Data for this task:

[Start of section]

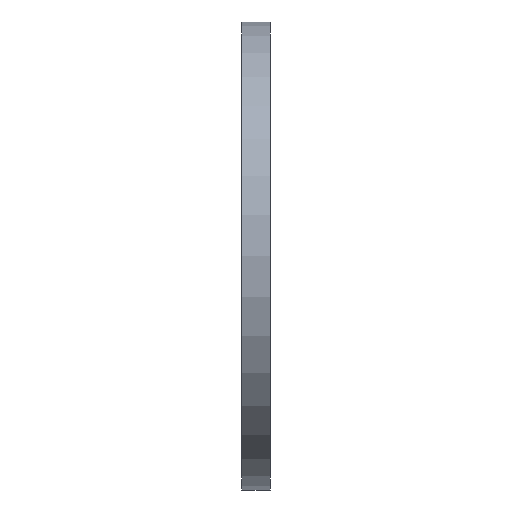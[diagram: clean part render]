
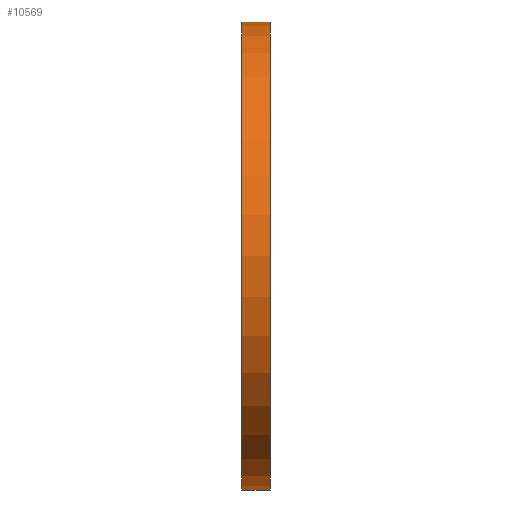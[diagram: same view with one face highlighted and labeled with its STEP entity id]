
A CAD part, left-side view. The second image highlights one B-rep face of the part: STEP entity #10569.
In plain terms, the highlighted cylindrical face has radius 50 mm (diameter 100 mm), a partial arc.
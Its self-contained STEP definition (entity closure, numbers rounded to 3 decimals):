
#217 = DIRECTION ( 'NONE',  ( 0., 0., -1. ) ) ;
#219 = LINE ( 'NONE', #8871, #712 ) ;
#712 = VECTOR ( 'NONE', #10998, 1000. ) ;
#1167 = CARTESIAN_POINT ( 'NONE',  ( 0., 6., -50. ) ) ;
#1276 = DIRECTION ( 'NONE',  ( 0., 1., 0. ) ) ;
#1653 = VERTEX_POINT ( 'NONE', #10630 ) ;
#2344 = DIRECTION ( 'NONE',  ( 0., 0., 1. ) ) ;
#2553 = ORIENTED_EDGE ( 'NONE', *, *, #11265, .T. ) ;
#2873 = CARTESIAN_POINT ( 'NONE',  ( 0., 6., -50. ) ) ;
#3256 = LINE ( 'NONE', #1167, #5374 ) ;
#3668 = EDGE_CURVE ( 'NONE', #8535, #3940, #6345, .T. ) ;
#3940 = VERTEX_POINT ( 'NONE', #9597 ) ;
#4161 = ORIENTED_EDGE ( 'NONE', *, *, #3668, .F. ) ;
#5374 = VECTOR ( 'NONE', #12733, 1000. ) ;
#5475 = EDGE_CURVE ( 'NONE', #3940, #9176, #219, .T. ) ;
#5587 = AXIS2_PLACEMENT_3D ( 'NONE', #8327, #11773, #217 ) ;
#5641 = CARTESIAN_POINT ( 'NONE',  ( 0., 0., 0. ) ) ;
#5887 = CYLINDRICAL_SURFACE ( 'NONE', #5587, 50. ) ;
#6345 = CIRCLE ( 'NONE', #8420, 50. ) ;
#7434 = CIRCLE ( 'NONE', #8453, 50. ) ;
#7704 = EDGE_CURVE ( 'NONE', #1653, #9176, #7434, .T. ) ;
#8327 = CARTESIAN_POINT ( 'NONE',  ( 0., 6., 0. ) ) ;
#8420 = AXIS2_PLACEMENT_3D ( 'NONE', #12170, #10132, #11179 ) ;
#8453 = AXIS2_PLACEMENT_3D ( 'NONE', #5641, #1276, #2344 ) ;
#8535 = VERTEX_POINT ( 'NONE', #2873 ) ;
#8871 = CARTESIAN_POINT ( 'NONE',  ( 0., 6., 50. ) ) ;
#9176 = VERTEX_POINT ( 'NONE', #12003 ) ;
#9597 = CARTESIAN_POINT ( 'NONE',  ( 0., 6., 50. ) ) ;
#9962 = ORIENTED_EDGE ( 'NONE', *, *, #5475, .F. ) ;
#10132 = DIRECTION ( 'NONE',  ( 0., 1., 0. ) ) ;
#10569 = ADVANCED_FACE ( 'NONE', ( #12824 ), #5887, .T. ) ;
#10630 = CARTESIAN_POINT ( 'NONE',  ( 0., 0., -50. ) ) ;
#10998 = DIRECTION ( 'NONE',  ( 0., -1., 0. ) ) ;
#11179 = DIRECTION ( 'NONE',  ( 0., 0., 1. ) ) ;
#11265 = EDGE_CURVE ( 'NONE', #8535, #1653, #3256, .T. ) ;
#11773 = DIRECTION ( 'NONE',  ( 0., -1., 0. ) ) ;
#12003 = CARTESIAN_POINT ( 'NONE',  ( 0., 0., 50. ) ) ;
#12101 = EDGE_LOOP ( 'NONE', ( #9962, #4161, #2553, #13484 ) ) ;
#12170 = CARTESIAN_POINT ( 'NONE',  ( 0., 6., 0. ) ) ;
#12733 = DIRECTION ( 'NONE',  ( 0., -1., 0. ) ) ;
#12824 = FACE_OUTER_BOUND ( 'NONE', #12101, .T. ) ;
#13484 = ORIENTED_EDGE ( 'NONE', *, *, #7704, .T. ) ;
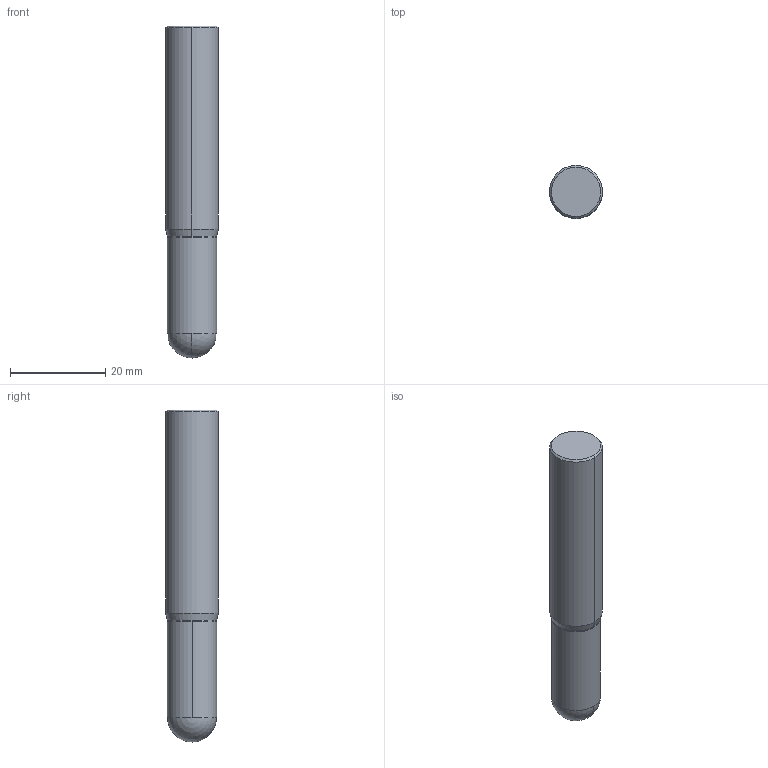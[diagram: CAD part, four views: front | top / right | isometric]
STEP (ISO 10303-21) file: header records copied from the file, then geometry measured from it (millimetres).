
FILE_DESCRIPTION (( 'STEP AP203' ), '1' );
FILE_NAME ('30056.STEP', '2024-03-08T15:17:22', ( '' ), ( '' ), 'SwSTEP 2.0', 'SolidWorks 2023', '' );
FILE_SCHEMA (( 'CONFIG_CONTROL_DESIGN' ));
Length unit declared in the file: inch
Products named in the file (1): 30056
Bounding box: 11.11 x 11.11 x 69.85 mm (x, y, z)
Volume: 6275 mm3; surface area: 2630.3 mm2
Topology: 2 solids, 2 shells, 17 faces, 34 edges, 19 vertices
Faces by surface type: cylinder 6, cone 6, plane 3, sphere 2
Entity records: 507 total; most frequent: DIRECTION 88, CARTESIAN_POINT 69, ORIENTED_EDGE 64, AXIS2_PLACEMENT_3D 38, EDGE_CURVE 32, CIRCLE 20, VERTEX_POINT 19, FACE_OUTER_BOUND 17
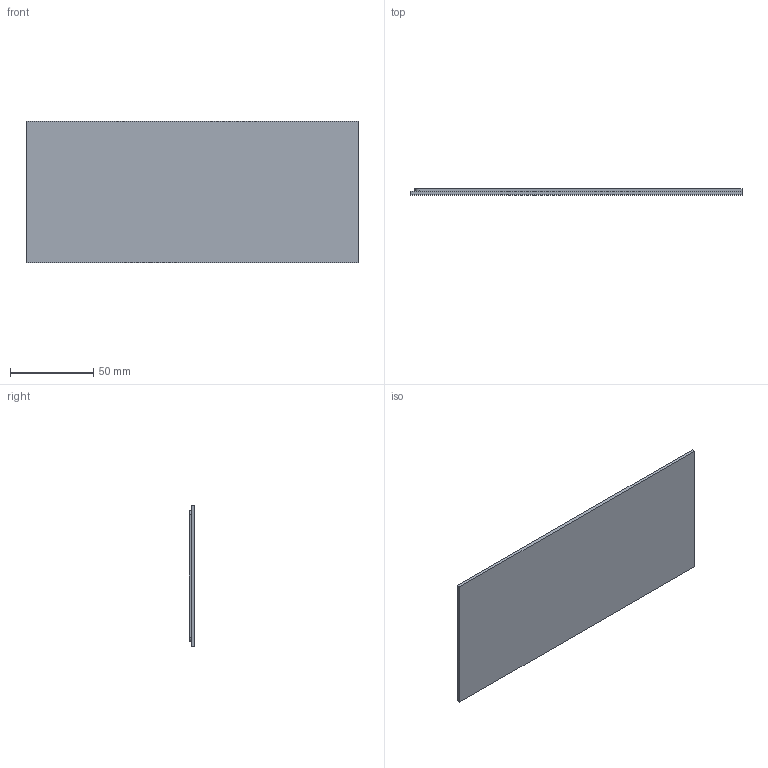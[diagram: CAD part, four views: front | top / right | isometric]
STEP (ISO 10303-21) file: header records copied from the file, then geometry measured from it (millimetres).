
FILE_DESCRIPTION((''),'2;1');
FILE_NAME('COPERCHIO1','2023-03-18T14:26:26',('alexb'),(''),'CREO PARAMETRIC BY PTC INC, 2022164','CREO PARAMETRIC BY PTC INC, 2022164','');
FILE_SCHEMA(('CONFIG_CONTROL_DESIGN'));
Length unit declared in the file: millimetre
Products named in the file (1): COPERCHIO1
Bounding box: 199.75 x 3.5 x 85 mm (x, y, z)
Volume: 35358.3 mm3; surface area: 36504.3 mm2
Topology: 1 solids, 1 shells, 16 faces, 42 edges, 28 vertices
Faces by surface type: plane 14, cylinder 2
Entity records: 528 total; most frequent: CARTESIAN_POINT 86, ORIENTED_EDGE 84, DIRECTION 78, EDGE_CURVE 42, VECTOR 38, LINE 38, VERTEX_POINT 28, AXIS2_PLACEMENT_3D 20

[End of section]

What is needed: All of the data above is to be repeated exactly, with the pictures left out.

Answer to the exercise:
[diagram: clean part render]
[diagram: same view with one face highlighted and labeled with its STEP entity id]
A CAD part, left-side view. The second image highlights one B-rep face of the part: STEP entity #10569.
In plain terms, the highlighted cylindrical face has radius 50 mm (diameter 100 mm), a partial arc.
Its self-contained STEP definition (entity closure, numbers rounded to 3 decimals):
#217 = DIRECTION ( 'NONE',  ( 0., 0., -1. ) ) ;
#219 = LINE ( 'NONE', #8871, #712 ) ;
#712 = VECTOR ( 'NONE', #10998, 1000. ) ;
#1167 = CARTESIAN_POINT ( 'NONE',  ( 0., 6., -50. ) ) ;
#1276 = DIRECTION ( 'NONE',  ( 0., 1., 0. ) ) ;
#1653 = VERTEX_POINT ( 'NONE', #10630 ) ;
#2344 = DIRECTION ( 'NONE',  ( 0., 0., 1. ) ) ;
#2553 = ORIENTED_EDGE ( 'NONE', *, *, #11265, .T. ) ;
#2873 = CARTESIAN_POINT ( 'NONE',  ( 0., 6., -50. ) ) ;
#3256 = LINE ( 'NONE', #1167, #5374 ) ;
#3668 = EDGE_CURVE ( 'NONE', #8535, #3940, #6345, .T. ) ;
#3940 = VERTEX_POINT ( 'NONE', #9597 ) ;
#4161 = ORIENTED_EDGE ( 'NONE', *, *, #3668, .F. ) ;
#5374 = VECTOR ( 'NONE', #12733, 1000. ) ;
#5475 = EDGE_CURVE ( 'NONE', #3940, #9176, #219, .T. ) ;
#5587 = AXIS2_PLACEMENT_3D ( 'NONE', #8327, #11773, #217 ) ;
#5641 = CARTESIAN_POINT ( 'NONE',  ( 0., 0., 0. ) ) ;
#5887 = CYLINDRICAL_SURFACE ( 'NONE', #5587, 50. ) ;
#6345 = CIRCLE ( 'NONE', #8420, 50. ) ;
#7434 = CIRCLE ( 'NONE', #8453, 50. ) ;
#7704 = EDGE_CURVE ( 'NONE', #1653, #9176, #7434, .T. ) ;
#8327 = CARTESIAN_POINT ( 'NONE',  ( 0., 6., 0. ) ) ;
#8420 = AXIS2_PLACEMENT_3D ( 'NONE', #12170, #10132, #11179 ) ;
#8453 = AXIS2_PLACEMENT_3D ( 'NONE', #5641, #1276, #2344 ) ;
#8535 = VERTEX_POINT ( 'NONE', #2873 ) ;
#8871 = CARTESIAN_POINT ( 'NONE',  ( 0., 6., 50. ) ) ;
#9176 = VERTEX_POINT ( 'NONE', #12003 ) ;
#9597 = CARTESIAN_POINT ( 'NONE',  ( 0., 6., 50. ) ) ;
#9962 = ORIENTED_EDGE ( 'NONE', *, *, #5475, .F. ) ;
#10132 = DIRECTION ( 'NONE',  ( 0., 1., 0. ) ) ;
#10569 = ADVANCED_FACE ( 'NONE', ( #12824 ), #5887, .T. ) ;
#10630 = CARTESIAN_POINT ( 'NONE',  ( 0., 0., -50. ) ) ;
#10998 = DIRECTION ( 'NONE',  ( 0., -1., 0. ) ) ;
#11179 = DIRECTION ( 'NONE',  ( 0., 0., 1. ) ) ;
#11265 = EDGE_CURVE ( 'NONE', #8535, #1653, #3256, .T. ) ;
#11773 = DIRECTION ( 'NONE',  ( 0., -1., 0. ) ) ;
#12003 = CARTESIAN_POINT ( 'NONE',  ( 0., 0., 50. ) ) ;
#12101 = EDGE_LOOP ( 'NONE', ( #9962, #4161, #2553, #13484 ) ) ;
#12170 = CARTESIAN_POINT ( 'NONE',  ( 0., 6., 0. ) ) ;
#12733 = DIRECTION ( 'NONE',  ( 0., -1., 0. ) ) ;
#12824 = FACE_OUTER_BOUND ( 'NONE', #12101, .T. ) ;
#13484 = ORIENTED_EDGE ( 'NONE', *, *, #7704, .T. ) ;
[diagram: CAD part, four views: front | top / right | isometric]
STEP (ISO 10303-21) file: header records copied from the file, then geometry measured from it (millimetres).
FILE_DESCRIPTION (( 'STEP AP203' ), '1' );
FILE_NAME ('30056.STEP', '2024-03-08T15:17:22', ( '' ), ( '' ), 'SwSTEP 2.0', 'SolidWorks 2023', '' );
FILE_SCHEMA (( 'CONFIG_CONTROL_DESIGN' ));
Length unit declared in the file: inch
Products named in the file (1): 30056
Bounding box: 11.11 x 11.11 x 69.85 mm (x, y, z)
Volume: 6275 mm3; surface area: 2630.3 mm2
Topology: 2 solids, 2 shells, 17 faces, 34 edges, 19 vertices
Faces by surface type: cylinder 6, cone 6, plane 3, sphere 2
Entity records: 507 total; most frequent: DIRECTION 88, CARTESIAN_POINT 69, ORIENTED_EDGE 64, AXIS2_PLACEMENT_3D 38, EDGE_CURVE 32, CIRCLE 20, VERTEX_POINT 19, FACE_OUTER_BOUND 17
[diagram: CAD part, four views: front | top / right | isometric]
STEP (ISO 10303-21) file: header records copied from the file, then geometry measured from it (millimetres).
FILE_DESCRIPTION((''),'2;1');
FILE_NAME('COPERCHIO1','2023-03-18T14:26:26',('alexb'),(''),'CREO PARAMETRIC BY PTC INC, 2022164','CREO PARAMETRIC BY PTC INC, 2022164','');
FILE_SCHEMA(('CONFIG_CONTROL_DESIGN'));
Length unit declared in the file: millimetre
Products named in the file (1): COPERCHIO1
Bounding box: 199.75 x 3.5 x 85 mm (x, y, z)
Volume: 35358.3 mm3; surface area: 36504.3 mm2
Topology: 1 solids, 1 shells, 16 faces, 42 edges, 28 vertices
Faces by surface type: plane 14, cylinder 2
Entity records: 528 total; most frequent: CARTESIAN_POINT 86, ORIENTED_EDGE 84, DIRECTION 78, EDGE_CURVE 42, VECTOR 38, LINE 38, VERTEX_POINT 28, AXIS2_PLACEMENT_3D 20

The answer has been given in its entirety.